# Modified top cap



## Yusuf Cape Vaper (22/10/14)

After getting tired of removing the ever so tight top cap on the stillare rda, and a few innovating skills coupled with Hein's (don't know his forum name) advice, I decided to hunt for a copper pipe fitting at a hardware store. A few stores never had them, so I actually had to hunt for the perfect fit. Here are some pics 






The top part of the pipe serves as a chuff enough wide bore drip hole. I won't call it a tip coz this thing is toooo damn huge. 





I then drilled that vaping mother chucker out with a 3.5mm drill bit, and stretched the air hole a bit more by going in circular motions. It's really untidy, but this one just serves as an experiment. I will drill my next one out with a drill press, in 6 diagonal holes. 






After finding the drip hole to be too big, I sought a hard plastic fitting McGyver that is used in geysers (it does not get hot, believe me I chain vaped this baby for hours) and luckily, it's wide enough to drop through there too. 






Just another picture to show how damn wide that drip hole is. I can even play around with my wick as I drip lol. 

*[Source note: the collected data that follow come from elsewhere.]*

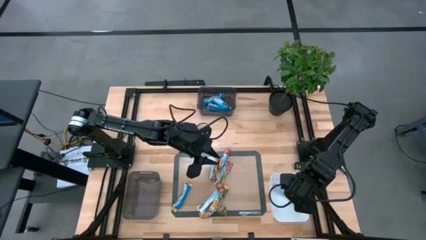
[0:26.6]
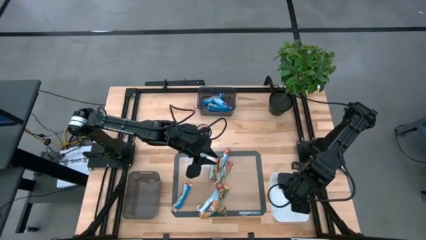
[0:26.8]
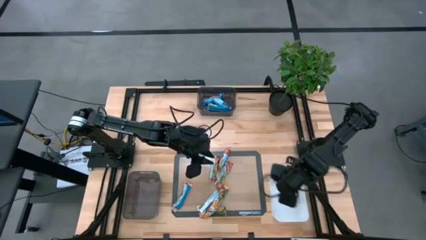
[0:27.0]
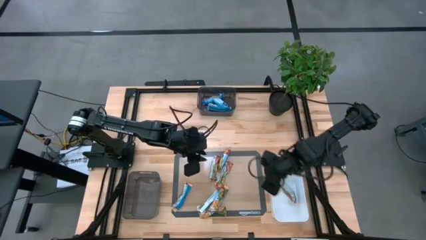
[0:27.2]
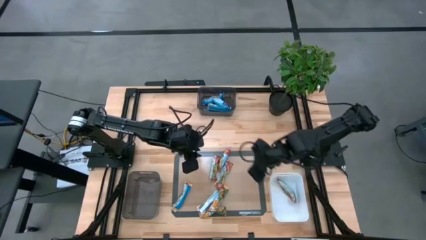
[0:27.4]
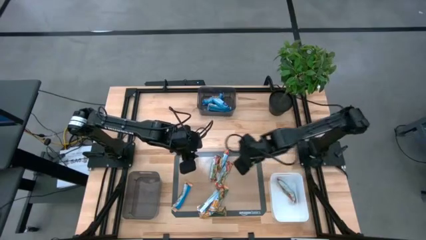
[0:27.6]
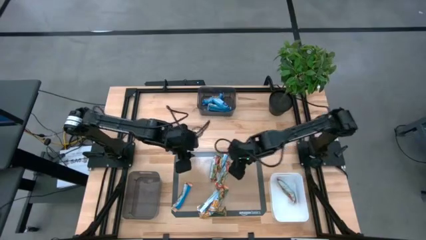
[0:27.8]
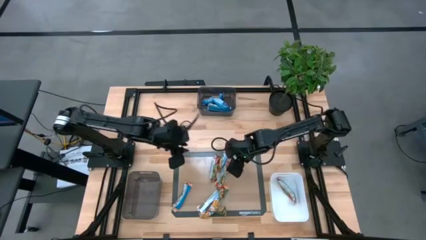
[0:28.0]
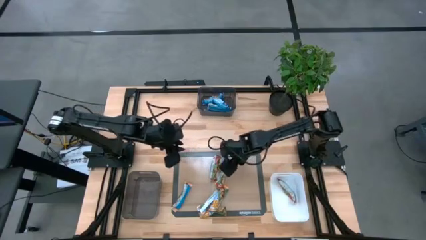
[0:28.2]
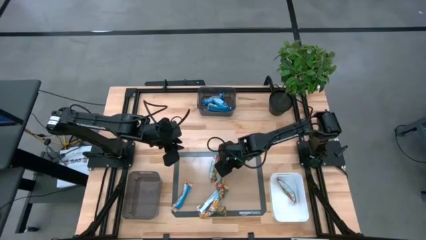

Last point. I used the same build with my stock stillare top cap opened up fully, and the vapor was impressive, but meh, not Cloud Chasers Incorporated worthy. Now, with this top cap, the vapor production tripled, and the once hot-as-hell Vape, became a cool and smooth Vape. Really loving it. Cloud comps, come at me bro. I am waiting. Lol

Reactions: Like 3 | Winner 2


----------



## Xhale (22/10/14)

very clever thinking there form you and hein


----------



## 2 Angry Wolves (22/10/14)

McGywer!


----------